We now show that the cost of an optimum solution to the CCCP might be more than twice the value of the tree cover LP (3). We define

$$\textstyle \rho := \sup \left\{ \frac{\mathrm {OPT}(\mathcal {I})}{\mathrm {LP}(\mathcal {I})} \;\left| \; \mathcal {I}\text { is a CCCP instance}\right. \right\} . $$

Here we use \(\mathrm {OPT}(\mathcal {I})\) to refer to the minimum cost of a CCCP solution on the instance \(\mathcal {I}=(G, \ell , b, \gamma )\). Similarly, \(\mathrm {LP}(\mathcal {I})\) refers to the solution value of the tree cover LP (3) for the instance \(\mathcal {I}\).

Theorem 4

\(\rho \ge 2 + \frac{62}{11745} > 2.005\).

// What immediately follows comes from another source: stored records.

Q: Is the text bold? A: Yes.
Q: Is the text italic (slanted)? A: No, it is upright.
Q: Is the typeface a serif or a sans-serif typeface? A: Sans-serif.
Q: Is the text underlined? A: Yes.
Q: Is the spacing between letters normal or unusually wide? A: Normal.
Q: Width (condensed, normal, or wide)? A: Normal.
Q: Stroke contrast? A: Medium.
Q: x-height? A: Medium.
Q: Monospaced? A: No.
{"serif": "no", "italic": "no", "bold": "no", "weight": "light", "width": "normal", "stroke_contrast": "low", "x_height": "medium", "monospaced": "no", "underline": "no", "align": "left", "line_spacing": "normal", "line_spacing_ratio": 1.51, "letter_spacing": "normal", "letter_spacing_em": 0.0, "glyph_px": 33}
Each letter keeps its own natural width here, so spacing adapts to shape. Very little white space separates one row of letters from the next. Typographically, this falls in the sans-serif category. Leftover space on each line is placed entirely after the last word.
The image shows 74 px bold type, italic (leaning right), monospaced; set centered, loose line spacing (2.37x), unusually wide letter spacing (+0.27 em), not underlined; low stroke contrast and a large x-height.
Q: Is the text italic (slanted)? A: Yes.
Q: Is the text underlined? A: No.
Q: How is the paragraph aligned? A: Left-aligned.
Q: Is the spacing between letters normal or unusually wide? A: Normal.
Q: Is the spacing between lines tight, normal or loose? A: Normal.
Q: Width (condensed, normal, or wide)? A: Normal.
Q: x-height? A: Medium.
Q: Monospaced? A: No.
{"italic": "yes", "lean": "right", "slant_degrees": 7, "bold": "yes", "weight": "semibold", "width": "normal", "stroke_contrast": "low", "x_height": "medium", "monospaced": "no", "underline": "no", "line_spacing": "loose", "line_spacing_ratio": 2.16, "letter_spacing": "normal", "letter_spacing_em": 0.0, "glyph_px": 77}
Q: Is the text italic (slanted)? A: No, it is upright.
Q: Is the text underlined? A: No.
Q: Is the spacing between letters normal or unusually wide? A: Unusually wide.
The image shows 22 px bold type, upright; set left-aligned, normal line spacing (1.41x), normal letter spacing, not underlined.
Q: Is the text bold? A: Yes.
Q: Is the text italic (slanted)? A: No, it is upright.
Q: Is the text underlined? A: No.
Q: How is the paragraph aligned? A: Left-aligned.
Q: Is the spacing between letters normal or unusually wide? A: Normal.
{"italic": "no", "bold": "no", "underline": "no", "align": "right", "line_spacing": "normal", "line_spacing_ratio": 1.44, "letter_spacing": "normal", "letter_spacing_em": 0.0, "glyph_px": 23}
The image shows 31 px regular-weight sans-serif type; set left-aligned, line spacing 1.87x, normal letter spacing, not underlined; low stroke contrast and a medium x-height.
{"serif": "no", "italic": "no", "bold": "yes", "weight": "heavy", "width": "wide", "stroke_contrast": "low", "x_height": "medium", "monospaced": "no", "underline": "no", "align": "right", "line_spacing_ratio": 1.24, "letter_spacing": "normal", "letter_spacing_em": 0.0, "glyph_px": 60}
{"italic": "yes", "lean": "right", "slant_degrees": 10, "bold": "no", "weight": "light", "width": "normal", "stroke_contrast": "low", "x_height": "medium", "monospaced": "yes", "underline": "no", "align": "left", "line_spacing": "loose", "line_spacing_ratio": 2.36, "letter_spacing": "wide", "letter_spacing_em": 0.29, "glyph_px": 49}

To prove Theorem 4 we use the following lemma that can be proven by an argument similar to Goemans [11], and Carr and Vempala [6].

Lemma 9

Let \(G=(V,E)\) a complete graph and \(b : V \rightarrow [0, 1]\) some vertex demands. Moreover, let \((x_e)_{e \in E}\) be a feasible solution to the tree cover LP (3) such that the support of x is the edge set of a tree T. Then there are weights \(\lambda _1, \ldots , \lambda _k > 0\), small sets \(R_1, \ldots , R_k \subseteq V\) and trees \(T_1, \ldots , T_k\) in T such that \(R_i \subseteq V(T_i)\) for all i and

  • \(\sum _{i=1}^k \lambda _i \le \rho (|V| -x(E))\),

  • \(\sum _{i : e\in T_i} \lambda _i \le \frac{\rho }{2} x_e\) for every \(e\in E\), and

  • \(\sum _{i : v \in R_i} \lambda _i \ge 1\) for every \(v \in V\).

Fig. 1.
figure 1

A family of LP solutions x that together with Lemma 9 proves Theorem 4. Here, the demands for the vertex r and the vertices \(v_1, \ldots , v_k\) are 0 and the demand of the vertices \(w_{i,j}\) for \(i=1,\ldots ,k\) and \(j=1,\ldots ,16\) are 1/23. The constants are chosen to maximize the lower bound obtained from this family of instances. In the figure edges e with \(x_e > 0\) are shown. One can verify that this is indeed a feasible solution to the tree cover LP (3).

We consider the family of LP solutions depicted in Fig. 1. One can show that if \(\rho < 2 + \frac{62}{11745}\) and k is sufficiently large, it is not possible to find weights \(\lambda _i\), vertex sets \(R_i\), and trees \(T_i\) as in Lemma 9. This implies Theorem 4.